Final Words

If you are in the market for a premium business-class Ultrabook featuring AMD’s Raven Ridge platform, Lenovo has you covered with the ThinkPad A285. The build quality is as superb as you’d expect in a ThinkPad, and it offers a great keyboard with a thin and light design. The ThinkPad look is iconic, and despite the A285 not being as leading edge as Lenovo’s X1 Carbon design, the A285 offers a great build for far less than what an X1 Carbon costs.

It would be nice to see Lenovo ditch the low-end 1366x768 TN display option, even though there is likely demand for it by people buying in bulk for other people to use. But in practice the 1920x1080 IPS should be a pretty easy upsell; it offers a much higher resolution, along with an anti-glare coating, and touch support, making it a rather compelling option. The color accuracy of the IPS display is only average, but that is likely not a huge issue for the target demographic for this device.

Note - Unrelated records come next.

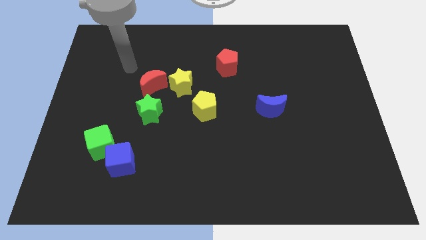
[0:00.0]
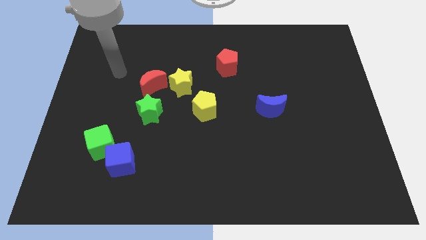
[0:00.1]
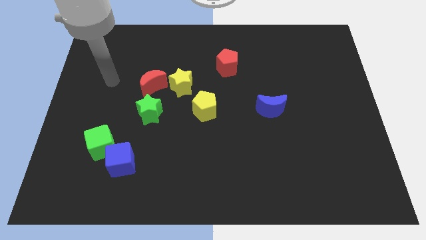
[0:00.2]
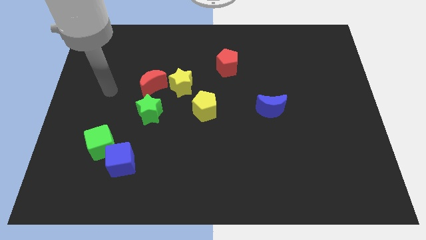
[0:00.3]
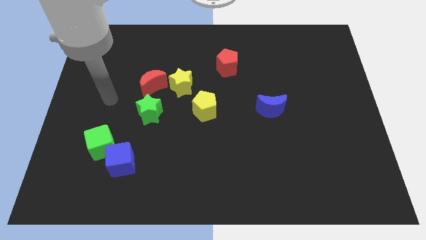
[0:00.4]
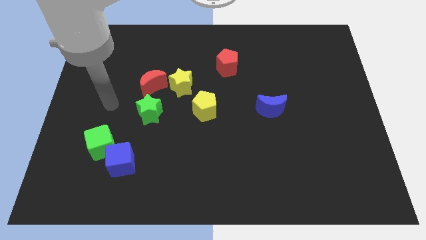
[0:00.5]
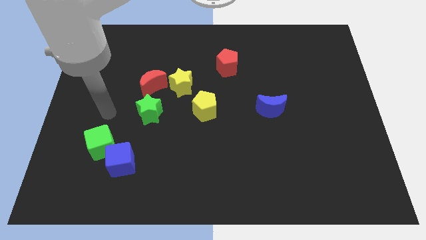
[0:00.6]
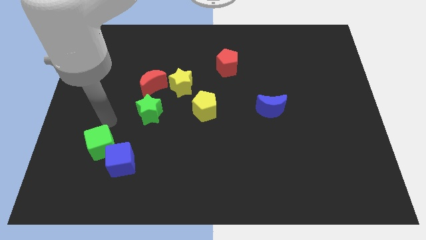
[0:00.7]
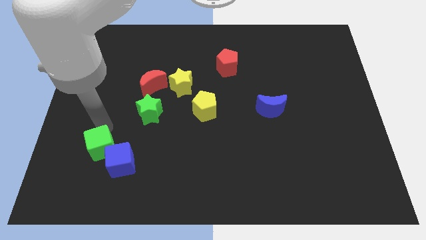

It’s unfortunate to see this chassis move away from the removable dual-battery system. Dual batteries were a great idea, since you could easily swap out the battery without shutting down the machine. But Lenovo likely has metrics on how often that was used, and you can generally get a larger battery in less size if you go with a non-removable model. As a business machine, parts should not be an issue either.

Lenovo offers great connectivity with the ThinkPad A285, including two USB-C Gen 2 ports, an integrated Ethernet connector, and a clever combination of the Ethernet and USB-C port to offer a docking option. There’s no SD card reader, but there’s likely not a huge demand for that in a laptop not aimed at photographers. Lenovo does cover the business requirements with a fingerprint reader, as well as a smart card reader.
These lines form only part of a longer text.